[[ DATASET ENTRIES open ]]

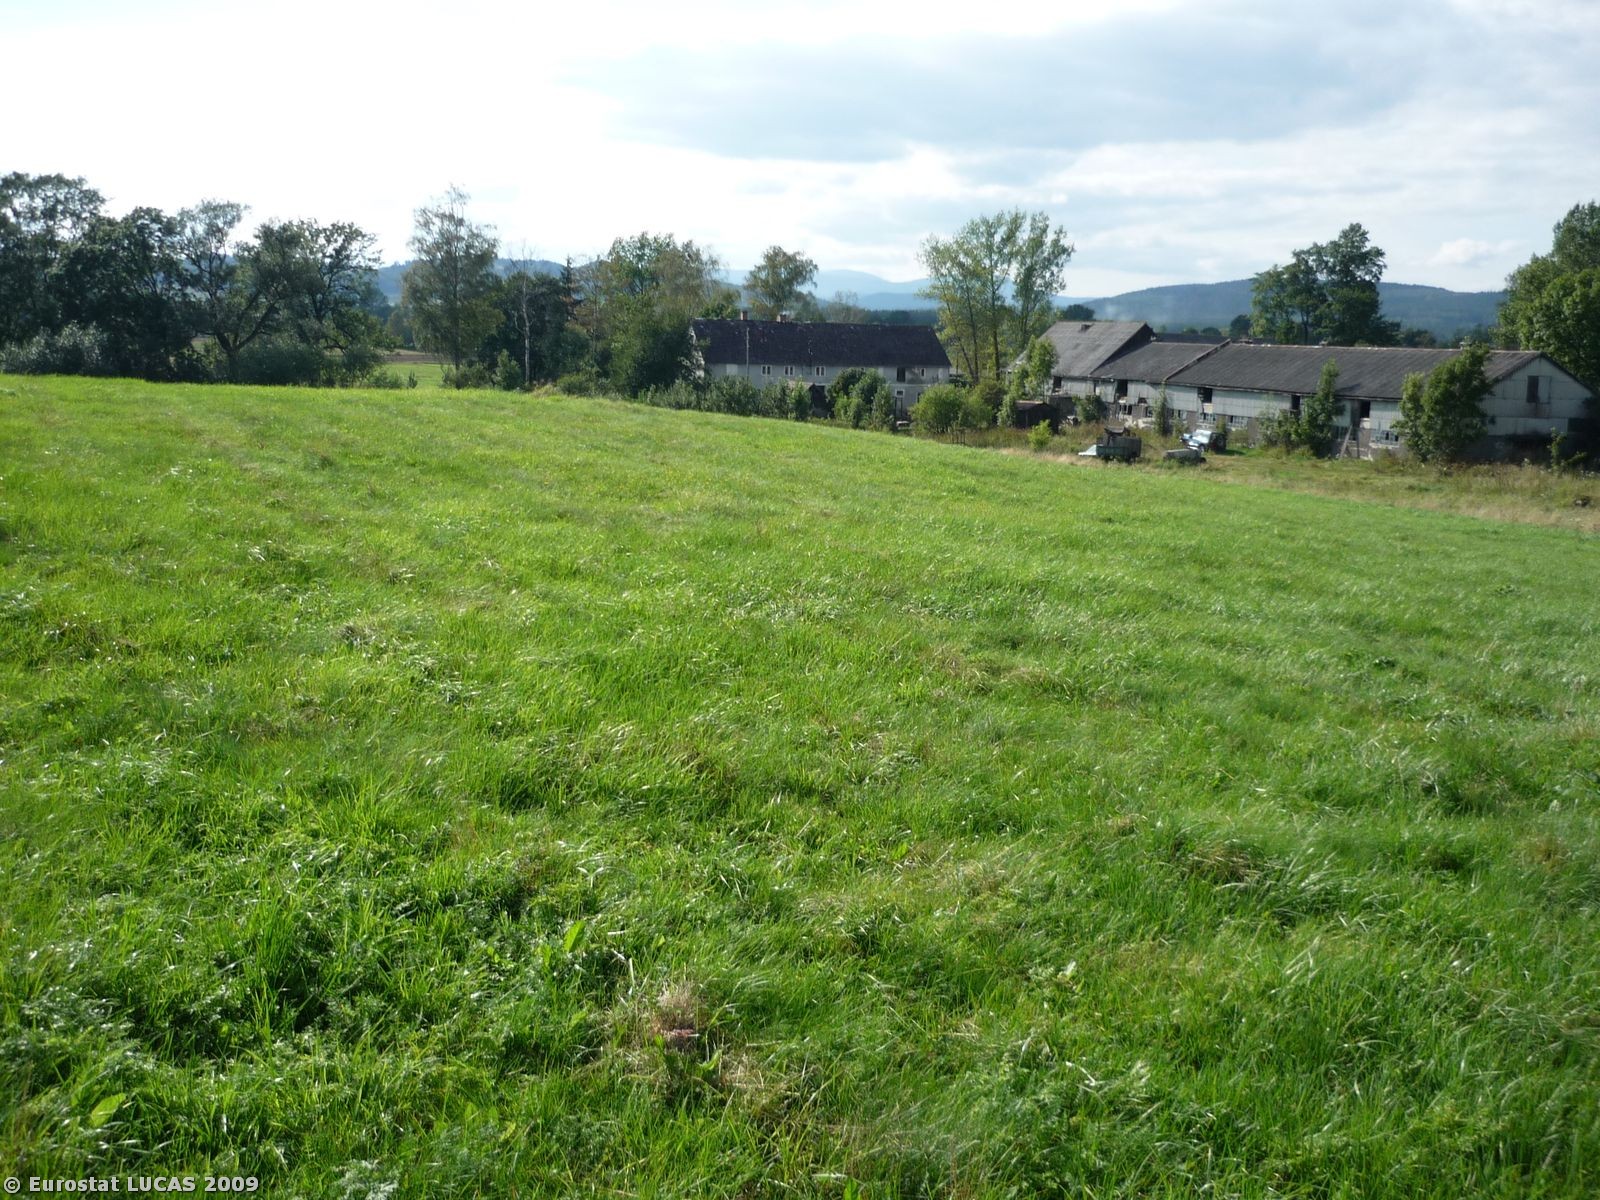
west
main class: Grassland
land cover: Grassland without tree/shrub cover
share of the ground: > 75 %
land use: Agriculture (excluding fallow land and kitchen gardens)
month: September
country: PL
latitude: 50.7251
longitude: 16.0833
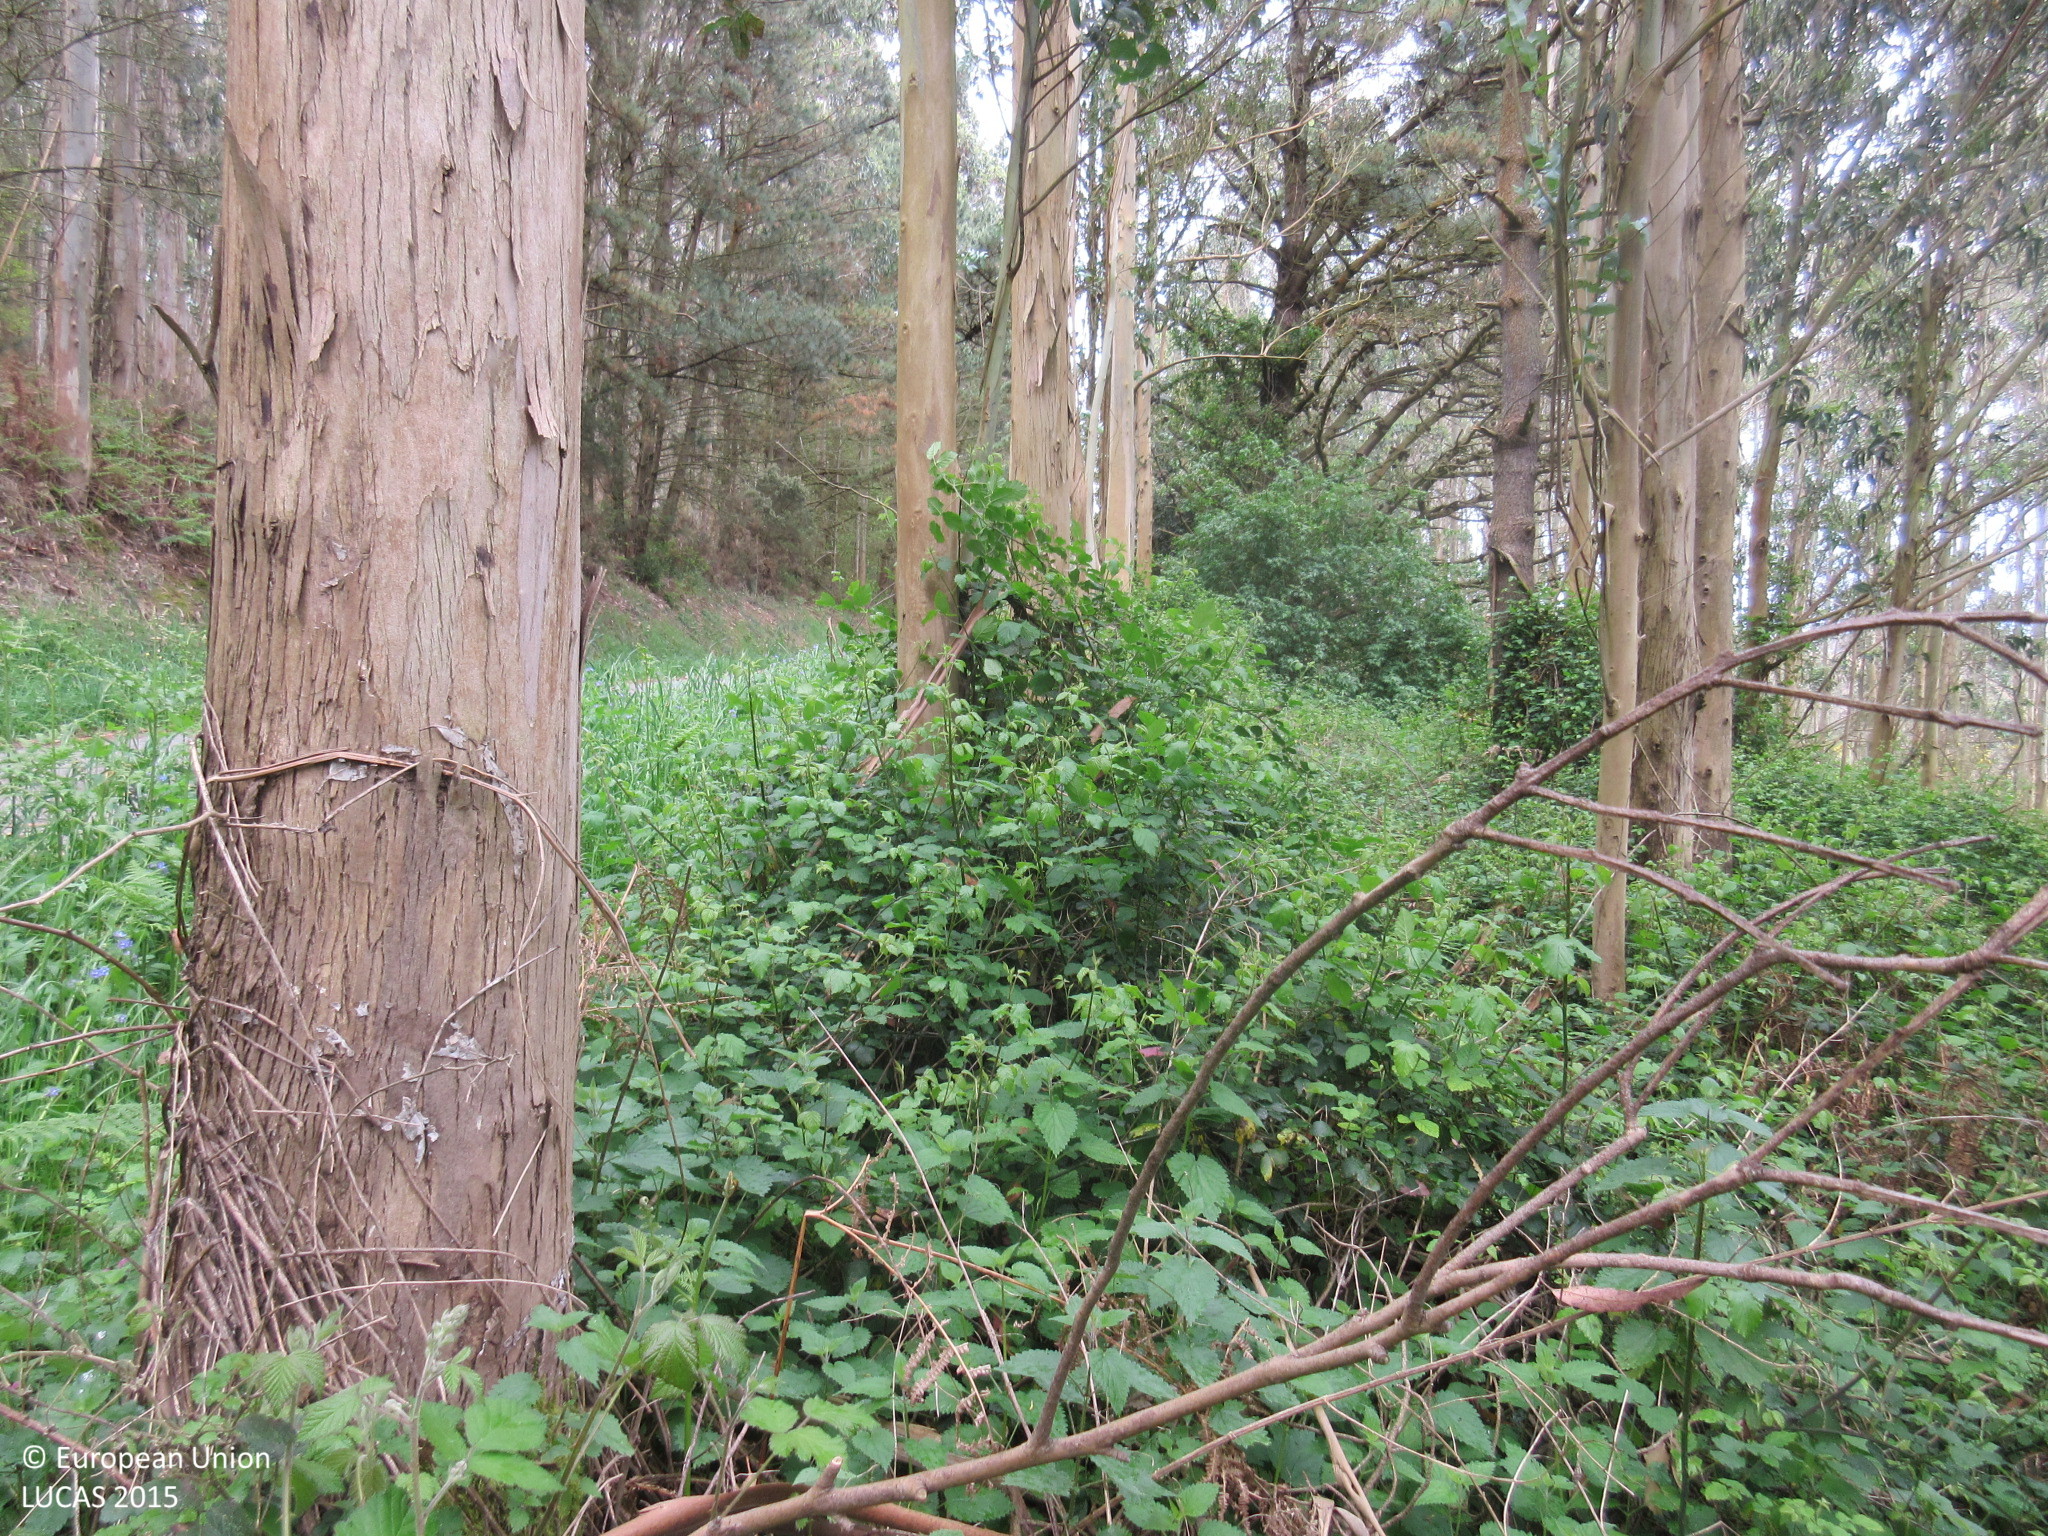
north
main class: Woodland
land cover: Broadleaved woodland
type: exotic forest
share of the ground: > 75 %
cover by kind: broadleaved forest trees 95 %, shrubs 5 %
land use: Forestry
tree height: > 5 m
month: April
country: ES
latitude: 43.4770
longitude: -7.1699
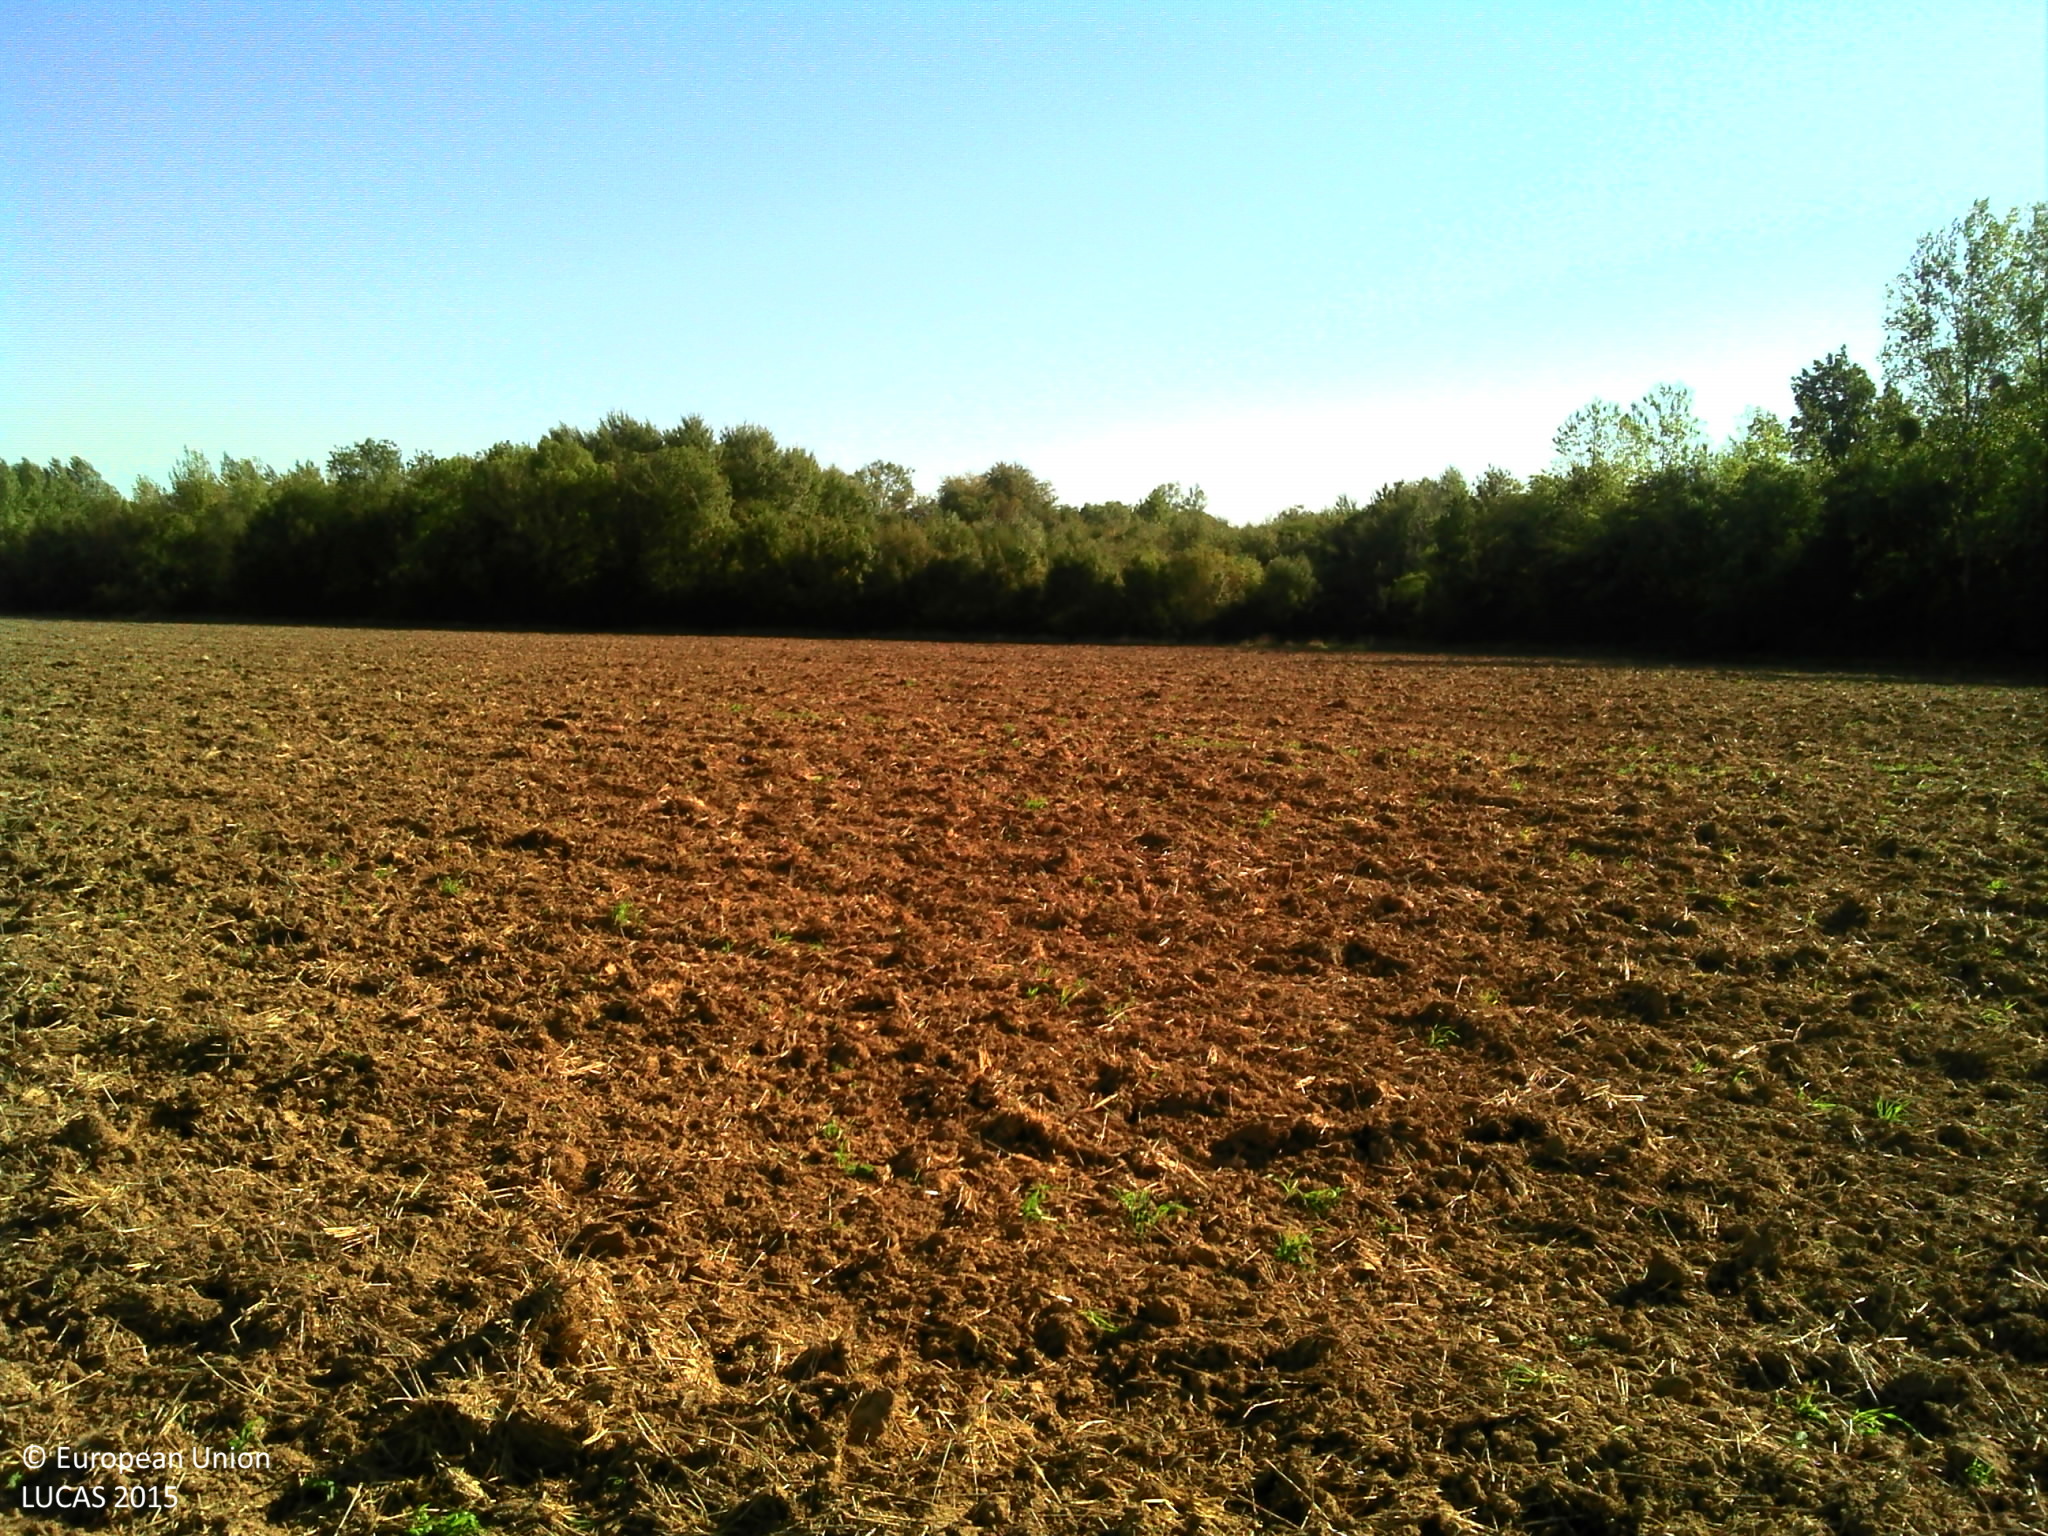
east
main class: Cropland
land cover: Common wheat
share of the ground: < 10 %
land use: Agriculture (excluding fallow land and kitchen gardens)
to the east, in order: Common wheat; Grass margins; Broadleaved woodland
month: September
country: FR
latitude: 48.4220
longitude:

[[ DATASET ENTRIES closed ]]

▶ DIRECTIONS
Without the pictures, return each entry exactly as given.

▶ ANSWER TO THIS TASK
west
main class: Grassland
land cover: Grassland without tree/shrub cover
share of the ground: > 75 %
land use: Agriculture (excluding fallow land and kitchen gardens)
month: September
country: PL
latitude: 50.7251
longitude: 16.0833
north
main class: Woodland
land cover: Broadleaved woodland
type: exotic forest
share of the ground: > 75 %
cover by kind: broadleaved forest trees 95 %, shrubs 5 %
land use: Forestry
tree height: > 5 m
month: April
country: ES
latitude: 43.4770
longitude: -7.1699
east
main class: Cropland
land cover: Common wheat
share of the ground: < 10 %
land use: Agriculture (excluding fallow land and kitchen gardens)
to the east, in order: Common wheat; Grass margins; Broadleaved woodland
month: September
country: FR
latitude: 48.4220
longitude:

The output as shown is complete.